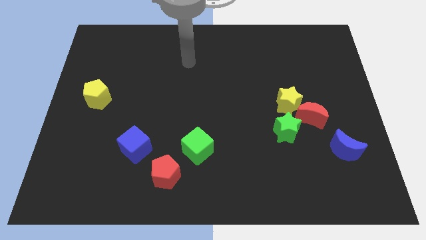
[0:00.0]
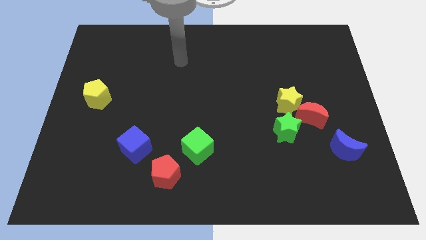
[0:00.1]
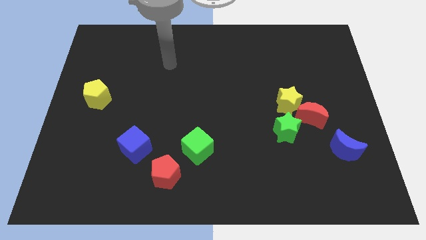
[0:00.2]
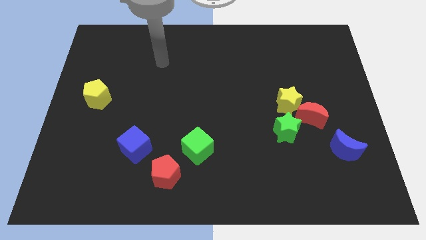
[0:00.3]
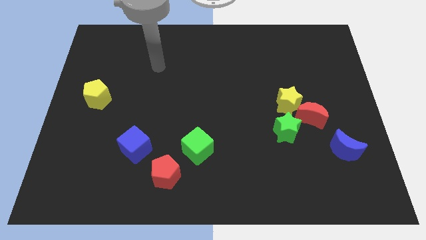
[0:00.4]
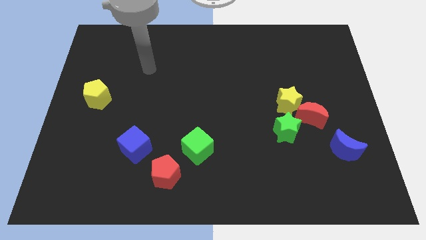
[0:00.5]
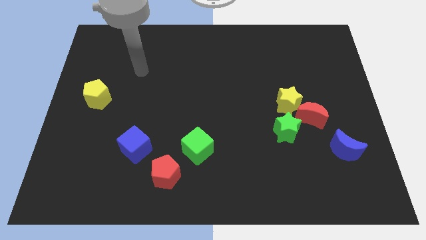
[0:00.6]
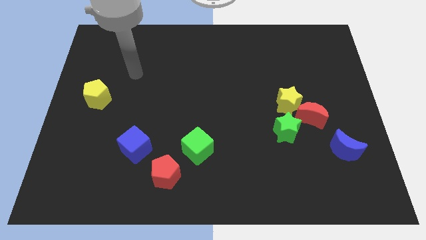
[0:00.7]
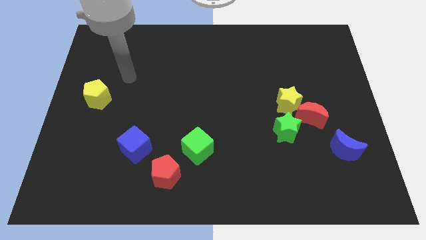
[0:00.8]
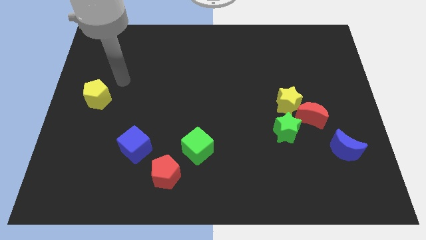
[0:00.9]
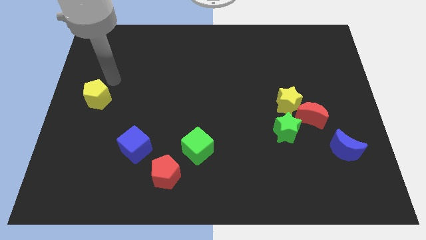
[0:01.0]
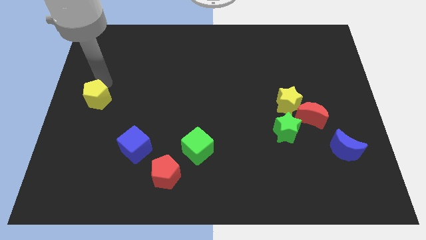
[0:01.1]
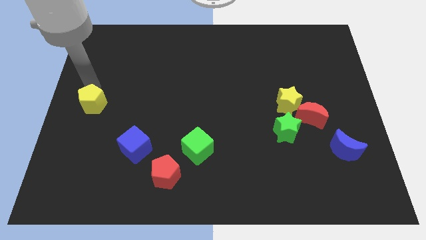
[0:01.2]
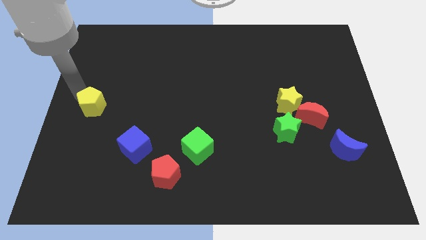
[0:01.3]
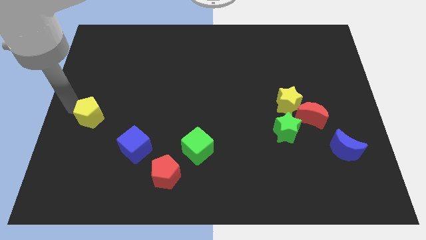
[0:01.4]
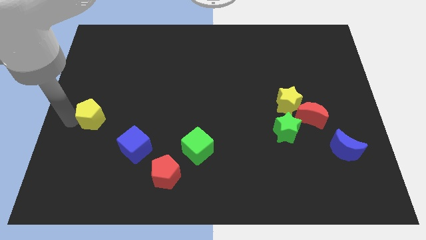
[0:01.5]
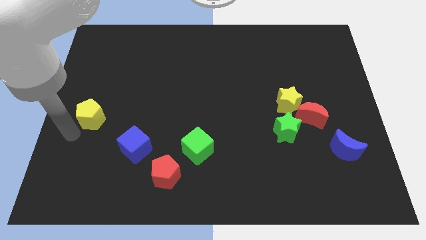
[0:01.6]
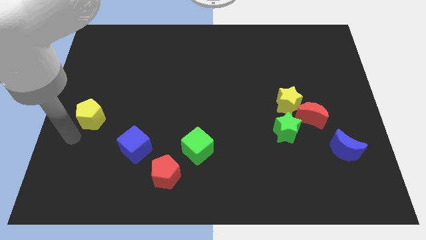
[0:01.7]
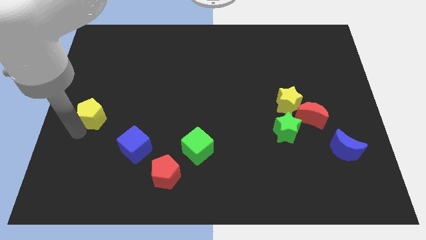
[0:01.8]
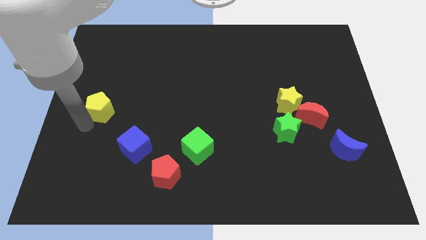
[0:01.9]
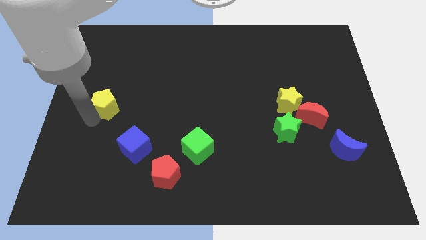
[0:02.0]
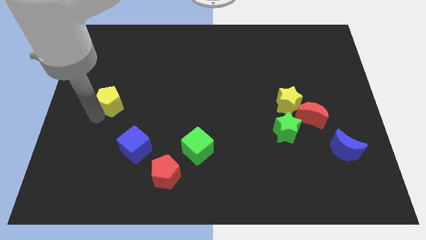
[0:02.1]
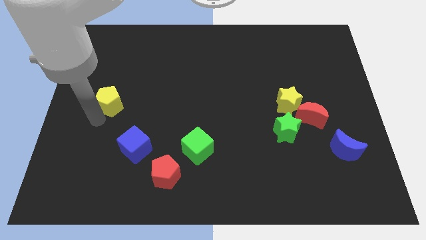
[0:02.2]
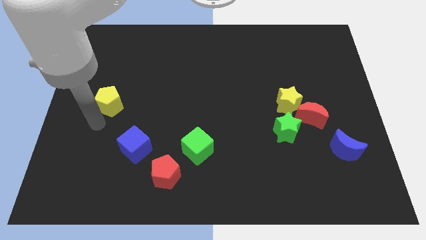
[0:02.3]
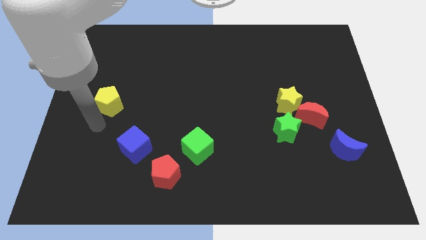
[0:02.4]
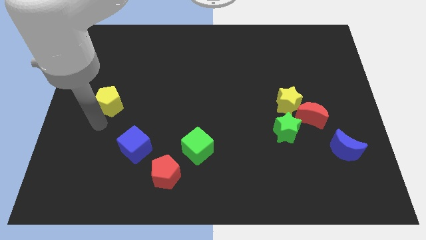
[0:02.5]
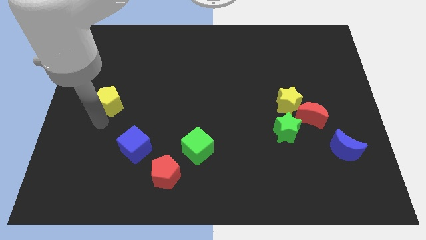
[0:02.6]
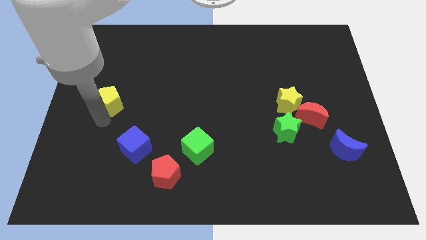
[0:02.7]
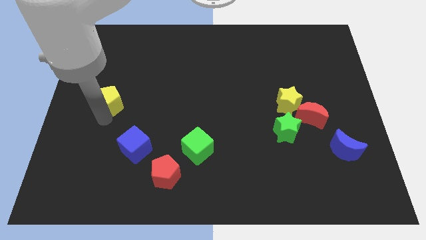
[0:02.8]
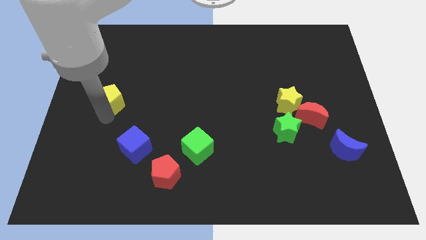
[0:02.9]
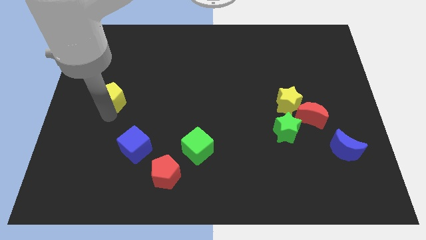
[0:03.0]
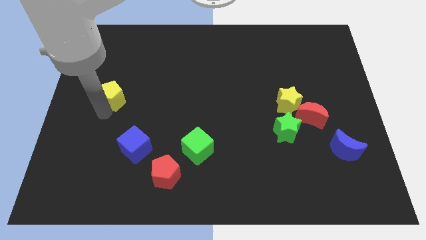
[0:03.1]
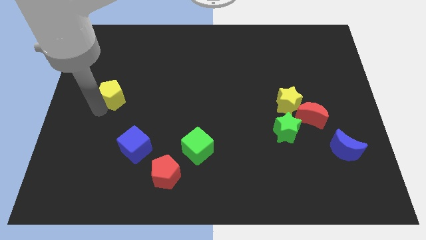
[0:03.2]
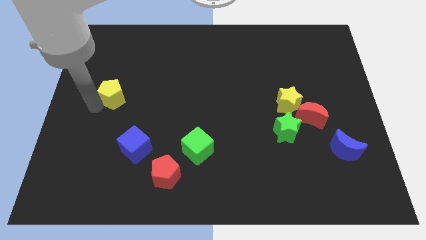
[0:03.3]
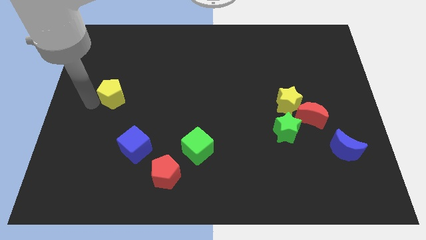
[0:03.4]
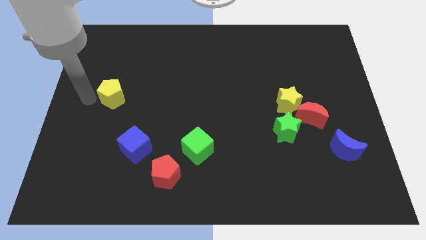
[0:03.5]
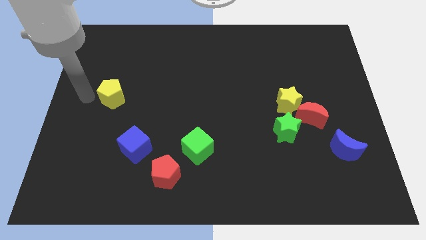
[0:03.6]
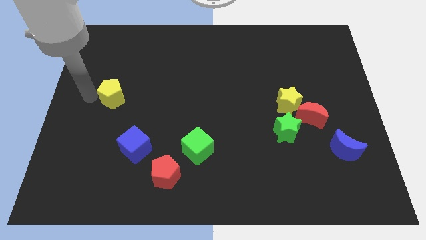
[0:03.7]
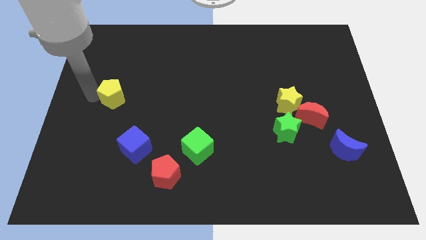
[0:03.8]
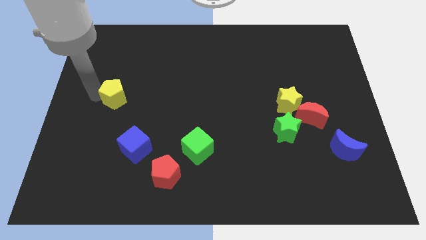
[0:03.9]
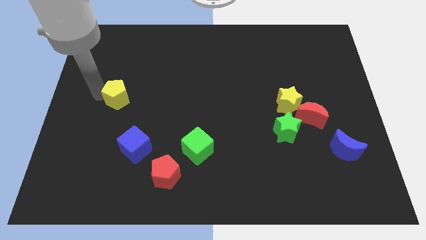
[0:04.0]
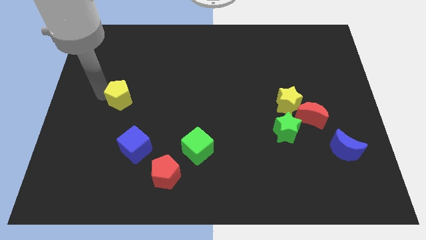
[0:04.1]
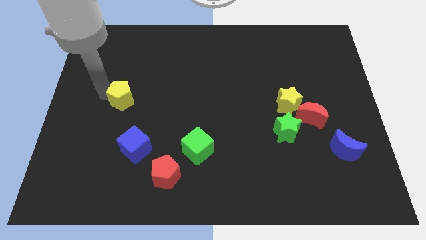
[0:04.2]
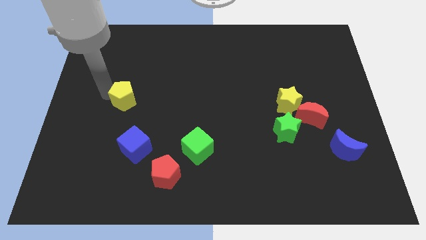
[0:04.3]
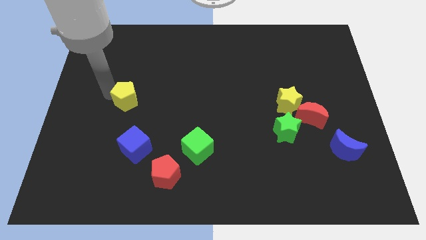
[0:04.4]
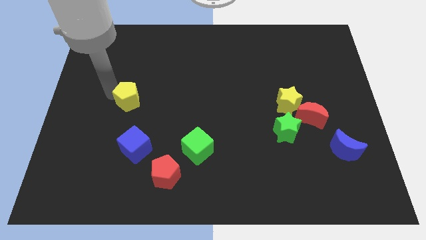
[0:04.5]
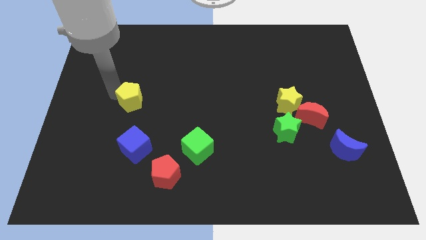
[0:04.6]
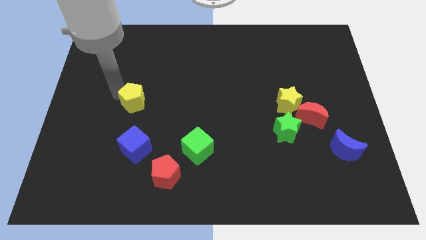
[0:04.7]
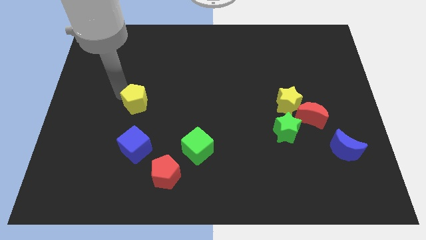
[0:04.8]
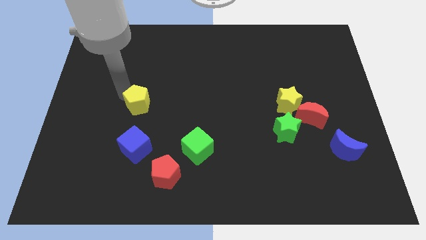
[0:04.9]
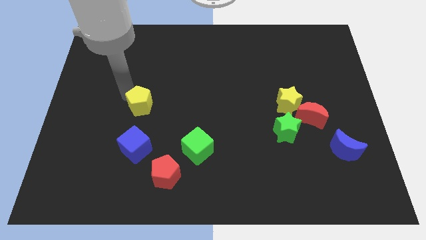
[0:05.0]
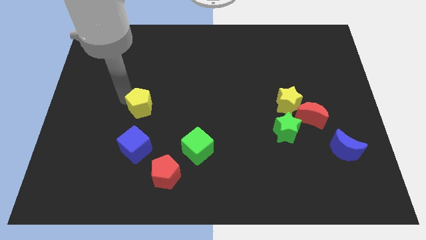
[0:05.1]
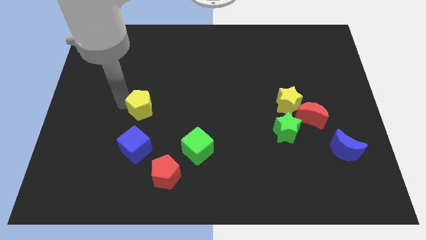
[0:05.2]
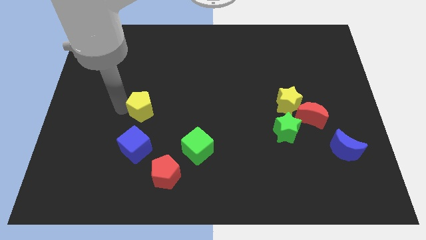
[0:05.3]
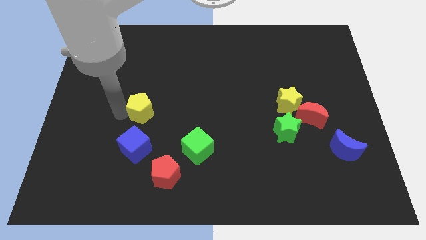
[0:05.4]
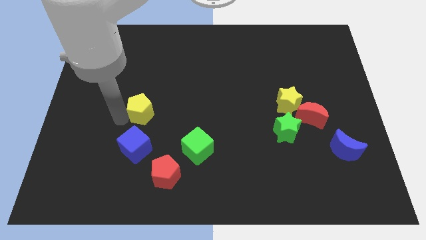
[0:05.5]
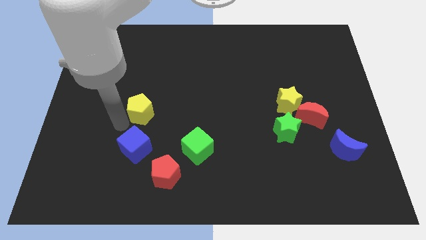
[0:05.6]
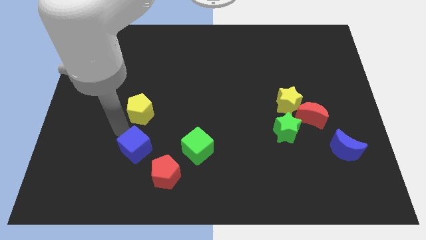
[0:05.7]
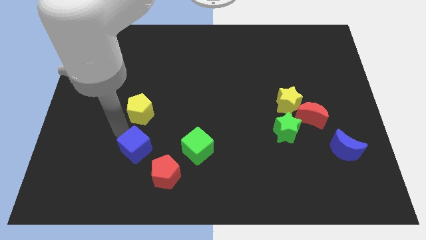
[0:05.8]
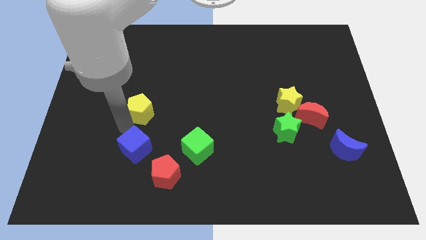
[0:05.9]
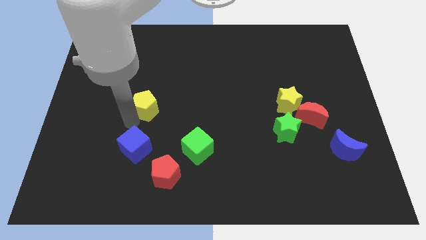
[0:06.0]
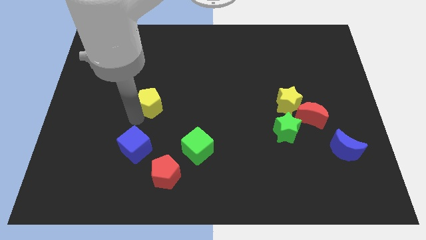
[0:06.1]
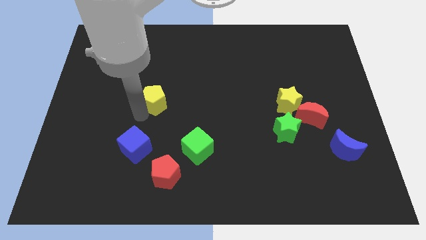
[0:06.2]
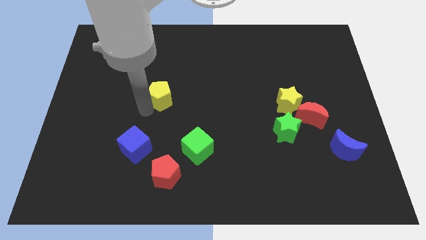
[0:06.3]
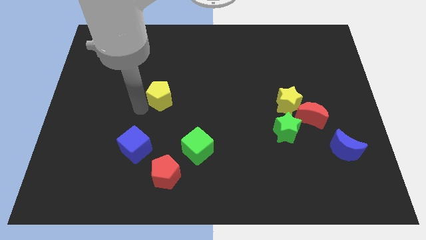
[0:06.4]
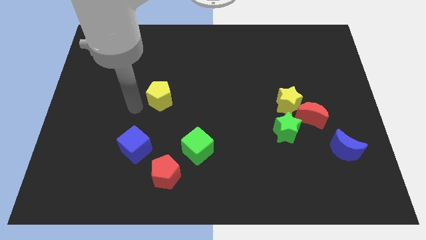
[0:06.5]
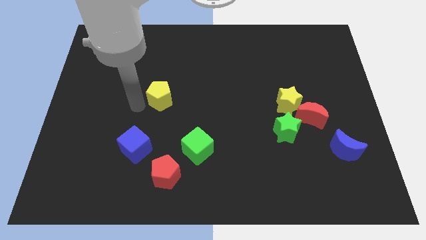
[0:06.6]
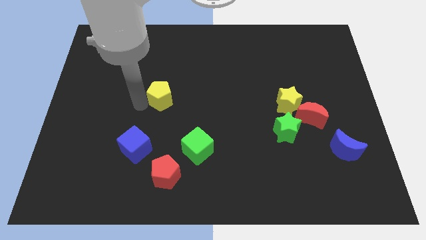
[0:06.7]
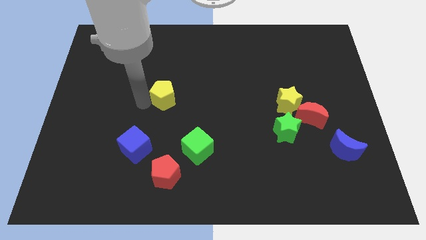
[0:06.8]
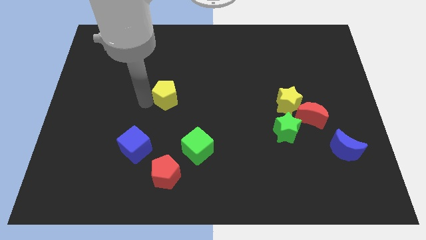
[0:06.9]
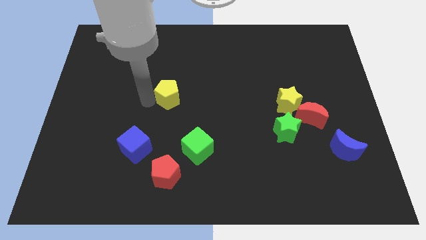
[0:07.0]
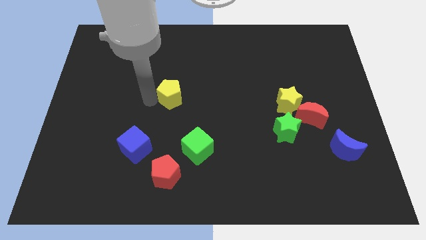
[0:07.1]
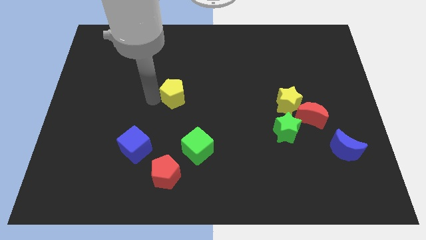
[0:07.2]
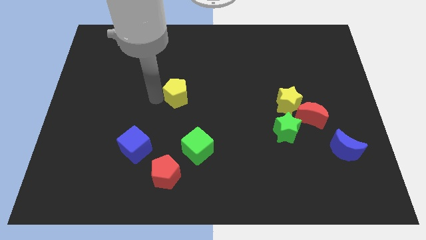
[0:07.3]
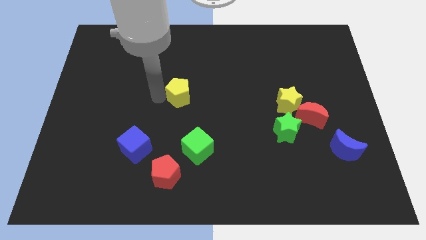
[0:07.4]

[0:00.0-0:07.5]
push the yellow pentagon right
--------------------------------
The problem:
Reproduce every entry word for word, but skip any pictures.

Exercise output:
[0:00.0]
[0:00.1]
[0:00.2]
[0:00.3]
[0:00.4]
[0:00.5]
[0:00.6]
[0:00.7]
[0:00.8]
[0:00.9]
[0:01.0]
[0:01.1]
[0:01.2]
[0:01.3]
[0:01.4]
[0:01.5]
[0:01.6]
[0:01.7]
[0:01.8]
[0:01.9]
[0:02.0]
[0:02.1]
[0:02.2]
[0:02.3]
[0:02.4]
[0:02.5]
[0:02.6]
[0:02.7]
[0:02.8]
[0:02.9]
[0:03.0]
[0:03.1]
[0:03.2]
[0:03.3]
[0:03.4]
[0:03.5]
[0:03.6]
[0:03.7]
[0:03.8]
[0:03.9]
[0:04.0]
[0:04.1]
[0:04.2]
[0:04.3]
[0:04.4]
[0:04.5]
[0:04.6]
[0:04.7]
[0:04.8]
[0:04.9]
[0:05.0]
[0:05.1]
[0:05.2]
[0:05.3]
[0:05.4]
[0:05.5]
[0:05.6]
[0:05.7]
[0:05.8]
[0:05.9]
[0:06.0]
[0:06.1]
[0:06.2]
[0:06.3]
[0:06.4]
[0:06.5]
[0:06.6]
[0:06.7]
[0:06.8]
[0:06.9]
[0:07.0]
[0:07.1]
[0:07.2]
[0:07.3]
[0:07.4]

[0:00.0-0:07.5]
push the yellow pentagon right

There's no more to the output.